她攜雨水而來,裙邊有些泥痕,連廊外的雨滴滴答答下,輕輕地敲着卷簾。
崔清漪望着林書臣的側影,眼睛裡滴答着關于他的印象,看久了,倒是想到了那日聘禮擺滿整個院子時的情形。
那日晨曦初露,她起了個大早,穿戴好衣裳,一溜煙便去了正堂。還沒到正堂,便看見院子裡那幾個紅箱子,媽媽們說那是林公子親送來的。
走到正堂,入眼便是那張紅木桌,上面放了許多喜果和林家送來的聘禮。
姐姐見她來了,忙起身将她摟在了懷裡,她見姐姐滿眼含淚,就問她:“姐姐怎麼哭了?是不喜歡這些東西?還是不喜歡林公子?”
雲湘含淚笑着,捏了捏她的耳朵:“傻丫頭,姐姐當然喜歡。隻是姐姐這一走,家裡便剩你一個人了,日後再見面難上加難。”
“姐姐是舍不得你。”
“漪兒也舍不得姐姐,要是姐姐不結婚就好了,這樣就能一直和漪兒在一起。”
“傻丫頭,說什麼胡話呢。日後漪兒也是要嫁人的......”
當時她不懂,為何姐姐一定和林公子成婚,現在她卻參透了其中的緣由。
從她醒了之後,她就再也沒有見過林家人。她以為,林家人和雲家人一樣,都憑空消失了。
沒想到,在這裡遇到了林姐夫,而且他還改了名字。
她内心輾轉反側,感到一絲慌張,但不得不保持鎮靜,她一步一沉穩,走到了蕭綏身後。
“王爺安好。”
蕭綏聽到她的聲音,轉身便看到崔清漪将頭淺淺埋了下去。
還在生氣?
“這是林大夫,讓他幫你看看你的傷。”他冷淡開口。
林書臣擡頭,心中又想起了雲湘的妹妹。
那日初見崔清漪,他看的模糊,但在那模糊之間,他就以為見到了雲湘她妹妹。
這眼睛實在是太像了,不過也就眼睛比較像,其他倒是大相徑庭。
他看出這兩人微妙氛圍,起身便有禮道:“王妃請坐。”
“林大夫不必這麼客氣,叫我清漪吧。”聲音很是溫婉妥帖。
蕭綏眼中閃過一絲驚訝,但也沒說什麼,看着崔清漪坐在對面的玫瑰椅上,緩緩的伸出了手。

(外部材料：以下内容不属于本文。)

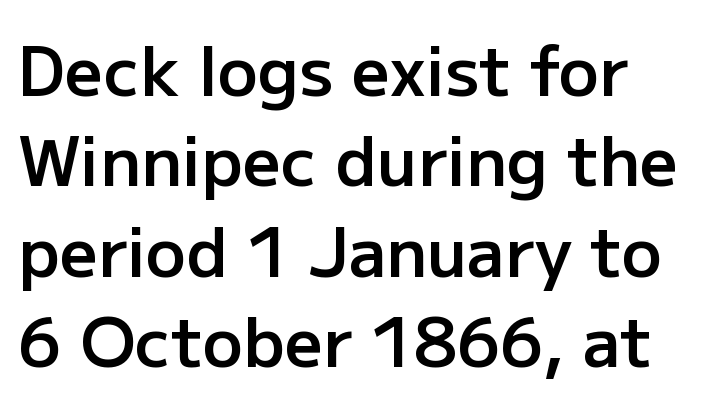
Honestly, the letter spacing is just normal — you wouldn't notice it. You could not count columns in this text — the font is proportionally spaced. A typesetter would mark this as roman, not italic. Each glyph is drawn with semibold strokes, heavier than normal yet not fully bold. A typesetter would label this face a sans. The rows are spaced the way most documents space them.

“想不到王爺如此好福氣,娶了崔姑娘這麼好的人。”林書臣沒想到崔清漪脾氣如此好,看來從前聽得那些,竟不是真的。
看她虎口有道傷痕,林書臣給她敷了一些藥,許是有些涼,崔清漪“嘶”了一聲,蕭綏連忙湊了上來。
崔清漪和林書臣不明所以,兩人直溜溜看着蕭綏,蕭綏有些尴尬,又直起身子,順道坐在了旁邊的椅子上。

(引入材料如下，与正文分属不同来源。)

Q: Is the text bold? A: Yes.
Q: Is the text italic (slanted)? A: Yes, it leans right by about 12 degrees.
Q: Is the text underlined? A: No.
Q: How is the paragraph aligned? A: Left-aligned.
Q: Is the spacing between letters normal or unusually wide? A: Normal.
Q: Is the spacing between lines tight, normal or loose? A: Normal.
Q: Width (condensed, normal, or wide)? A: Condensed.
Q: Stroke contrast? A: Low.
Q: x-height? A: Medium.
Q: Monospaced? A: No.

林書臣撇嘴一笑,問道:“清漪啊,你這幸虧是小傷,若是大傷,怕是有人要心疼死了。”
蕭綏轉過臉,崔清漪咬着嘴唇不言語,半晌她才回道:“林大夫可有心疼的人嗎?”
她望着林書臣,想象他和姐姐成親後的景象。如果沒有那件事,他們一定會很幸福。
林書臣猛地擡頭,對上了那雙眼睛,似陌生,似熟悉。心中閃過驚訝,意識到不妥,于是迅速低下了頭。
半晌,他不複剛剛的打趣,笑道:“有是有,不過,她前幾年失蹤了。”
崔清漪看他轉身走到對面的桌前,心中觸動,站起來安慰道:“抱歉林大夫,我不知道。”
失蹤?
姐姐是在她面前離開的,他怎麼說的是失蹤?
難道他說的不是姐姐?
應該不會,她從來沒有見過哪個男子對姐姐那般好,就連父親,有時也會對姐姐發脾氣,但林姐夫從來不會。
難不成,姐姐還活着?
這時候要是有些動靜就好了,可那雨聲一直在外面,不肯進來。
整個書房内,崔清漪隻聽到了自己的心跳。頓了頓,她歎了一口氣:“林大夫,可需要我們的幫助?”
蕭綏眸色晦暗,餘光中開始打量着崔清漪的側影。
他方才一聽到這話,就覺得不對勁。
本以為崔清漪隻是好奇,可現在,怎麼感覺崔清漪好像認識林書臣,但林書臣看上去并不認識她。
這到底怎麼回事?
林書臣笑了一笑:“多謝清漪,不過我想自己再找一找。”
崔清漪忍住情緒,沒敢再問,平靜坐下後,她心中那盞酒終于釀出了甜味。
姐姐可能還活着。
林書臣這時轉身,對着出神的兩個人:“我先走了,有事再叫我。”
“麻煩您跑一趟,多謝林大夫了。”崔清漪點頭回禮。
蕭綏看着崔清漪,心中的疑問越來越多,不管是她對人的态度,還是昨晚的那件事。
正盯着她,崔清漪起身便道:“王爺,我先回去了。”
不等他回複,崔清漪便走了出去。
後來蕭綏什麼表情,她已經記不清了,一陣恍惚失神,她像劫後餘生一般回到了沁水居。
躺在床上,她回想着今天下午和晚上的事,瑣事如一串紅燈籠,将她的愁緒和欣喜串在一條繩上,在她頭上晃來晃去,晃得久了,崔清漪仿佛回到了揚州。
外面的雨聲淅瀝作響,催着她慢慢閉上了眼。
天色暗下來,滴落的雨像是被蒙上了一層黑紗,不見光亮。
他們剛剛沒有對視,蕭綏此刻卻看了一眼沁水居,裡面仿佛什麼都沒有,空蕩蕩的。
他心有疑窦,于是冒雨去了大理寺,同時遇到了徐懷瑾。徐懷瑾見他倒是十分恭敬,但提到楊武的事,他卻有所閃躲,不肯細說。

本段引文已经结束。